Laboratory of Aquaculture and Artemia Reference Center, Department of Animal Sciences and Aquatic Ecology, Ghent University, Gent, Belgium.
J Fish Dis. 2019 Apr;42(4):477-487. doi: 10.1111/jfd.12934. Epub 2019 Jan 29.

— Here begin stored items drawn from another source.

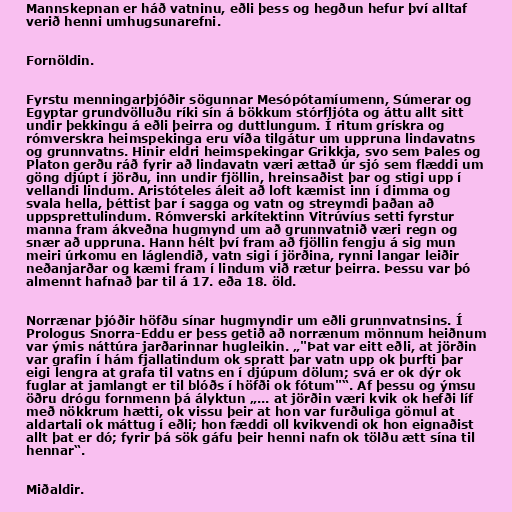
Mannskepnan er háð vatninu, eðli þess og hegðun hefur því alltaf
verið henni umhugsunarefni.

Fornöldin.

Fyrstu menningarþjóðir sögunnar Mesópótamíumenn, Súmerar og
Egyptar grundvölluðu ríki sín á bökkum stórfljóta og áttu allt sitt
undir þekkingu á eðli þeirra og duttlungum. Í ritum grískra og
rómverskra heimspekinga eru víða tilgátur um uppruna lindavatns
og grunnvatns. Hinir eldri heimspekingar Grikkja, svo sem Þales og
Platon gerðu ráð fyrir að lindavatn væri ættað úr sjó sem flæddi um
göng djúpt í jörðu, inn undir fjöllin, hreinsaðist þar og stigi upp í
vellandi lindum. Aristóteles áleit að loft kæmist inn í dimma og
svala hella, þéttist þar í sagga og vatn og streymdi þaðan að
uppsprettulindum. Rómverski arkítektinn Vitrúvíus setti fyrstur
manna fram ákveðna hugmynd um að grunnvatnið væri regn og
snær að uppruna. Hann hélt því fram að fjöllin fengju á sig mun
meiri úrkomu en láglendið, vatn sigi í jörðina, rynni langar leiðir
neðanjarðar og kæmi fram í lindum við rætur þeirra. Þessu var þó
almennt hafnað þar til á 17. eða 18. öld.

Norrænar þjóðir höfðu sínar hugmyndir um eðli grunnvatnsins. Í
Prologus Snorra-Eddu er þess getið að norrænum mönnum heiðnum
var ýmis náttúra jarðarinnar hugleikin. „"Þat var eitt eðli, at jörðin
var grafin í hám fjallatindum ok spratt þar vatn upp ok þurfti þar
eigi lengra at grafa til vatns en í djúpum dölum; svá er ok dýr ok
fuglar at jamlangt er til blóðs í höfði ok fótum"“. Af þessu og ýmsu
öðru drógu fornmenn þá ályktun „... at jörðin væri kvik ok hefði líf
með nökkrum hætti, ok vissu þeir at hon var furðuliga gömul at
aldartali ok máttug í eðli; hon fæddi oll kvikvendi ok hon eignaðist
allt þat er dó; fyrir þá sök gáfu þeir henni nafn ok tölðu ætt sína til
hennar“.

Miðaldir.
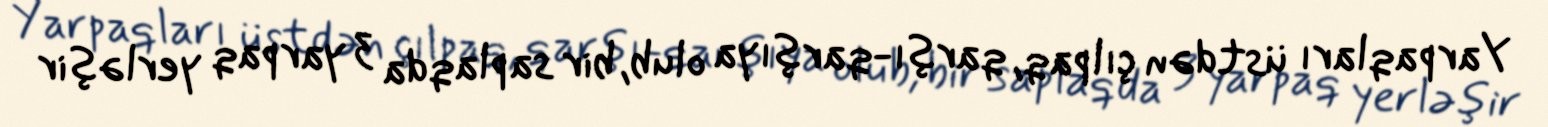
Yarpaqları üstdən çılpaq, qarşı-qarşıya olub, bir saplaqda 3 yarpaq yerləşir
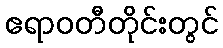
ဧရာဝတီတိုင်းတွင်
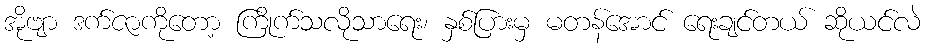
အိုဗျာ ဒက်ဇာကိုတော့ ကြိုက်သလိုသာရေး၊ နှစ်ပြားမှ မတန်အောင် ရေးချင်တယ် ဆိုယင်လဲ
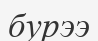
бурээ
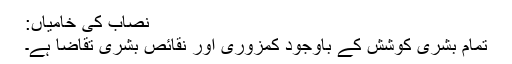
نصاب کی خامیاں:
تمام بشری کوشش کے باوجود کمزوری اور نقائص بشری تقاضا ہے۔
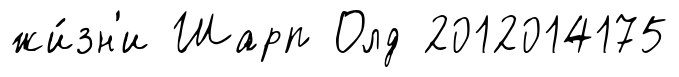
жи́зн'и Шарп Олд 2012014175
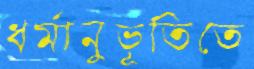
ধর্মানুভূতিতে
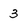
Character: 3
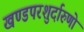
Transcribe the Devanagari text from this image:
खण्डपरशुर्दारुणो
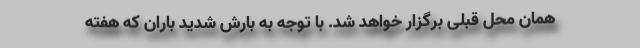
همان محل قبلی برگزار خواهد شد. با توجه به بارش شدید باران که هفته
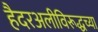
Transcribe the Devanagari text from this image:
हैदरअलीविरूद्धच्या
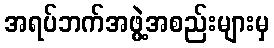
အရပ်ဘက်အဖွဲ့အစည်းများမှ
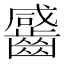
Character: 䶠
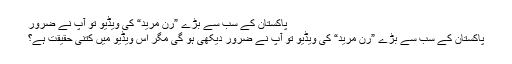
پاکستان کے سب سے بڑے ”رن مرید“ کی ویڈیو تو آپ نے ضرور
پاکستان کے سب سے بڑے ”رن مرید“ کی ویڈیو تو آپ نے ضرور دیکھی ہو گی مگر اس ویڈیو میں کتنی حقیقت ہے؟
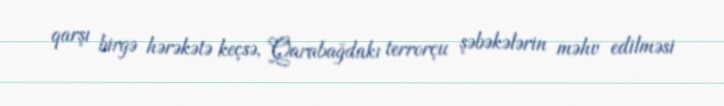
qarşı birgə hərəkətə keçsə, Qarabağdakı terrorçu şəbəkələrin məhv edilməsi
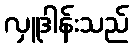
လှူဒါန်းသည်
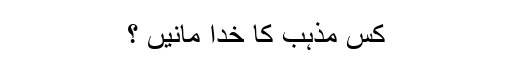
کس مذہب کا خدا مانیں ؟
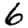
Digit: 6
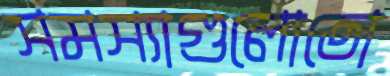
সমস্যাগুলোতো
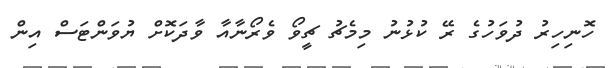
ހޮނިހިރު ދުވަހުގެ ރޭ ކުޅުނު މިމެޗު ޗީވޯ ވެރޯނާއާ ވާދަކޮށް ޔުވަންޓަސް އިން
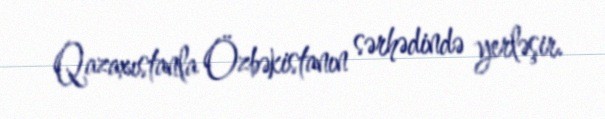
Qazaxıstanla Özbəkistanın sərhədində yerləşir.
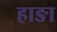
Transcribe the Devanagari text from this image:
हाङा

In this study, we evaluated the impact of the catecholamines on growth, swimming motility, biofilm formation and some virulence factors activities of pathogenic Yersinia ruckeri. Norepinephrine and dopamine (at 100 µM) significantly increased the growth of Y. ruckeri in culture media containing serum. An increase in swimming motility of the pathogen was found following the exposure to the hormones; however, no effect was seen on caseinase, phospholipase and haemolysin productions. Further, antagonists for the catecholamine receptors were observed to block some of the influences of the catecholamines. Indeed, the effects of catecholamines were inhibited by chlorpromazine (the dopaminergic receptor antagonist) for dopamine, labetalol (α-and β-adrenergic receptor antagonist) and phenoxybenzamine (the α-adrenergic receptor antagonist) for norepinephrine, but propranolol (the β-adrenergic receptor antagonist) showed no effect. Pretreatment of Y. ruckeri with the catecholamines resulted in a significant enhancement of its virulence towards rainbow trout and the antagonists could neutralize the effect of the stress hormones in vivo. In summary, our results show that the catecholamines increase the virulence of Y. ruckeri which is pathogenic to trout through increasing the motility, biofilm formation and growth.
在这项研究中,我们评估了儿茶酚胺对致病性鲁氏耶尔森氏菌生长、游动能力、生物膜形成和一些毒力因子活性的影响。去甲肾上腺素和多巴胺(100μM)显著增加了含血清培养基中 Y. 鲁氏耶尔森氏菌的生长。在接触激素后,病原体的游动能力增加;然而,对酪蛋白酶、磷脂酶和溶血素的产生没有影响。此外,儿茶酚胺受体的拮抗剂被观察到阻断儿茶酚胺的一些影响。事实上,儿茶酚胺的作用被氯丙嗪(多巴胺能受体拮抗剂)抑制,用于多巴胺;拉贝洛尔(α 和 β 肾上腺素能受体拮抗剂)和酚妥拉明(α 肾上腺素能受体拮抗剂)用于去甲肾上腺素,但普萘洛尔(β 肾上腺素能受体拮抗剂)没有效果。用儿茶酚胺预处理 Y. 鲁氏耶尔森氏菌显著增强了其对彩虹鳟鱼的毒力,拮抗剂可以中和体内应激激素的作用。总之,我们的结果表明,儿茶酚胺通过增加运动性、生物膜形成和生长来增加 Y. 鲁氏耶尔森氏菌的毒力,这种菌对鳟鱼具有致病性。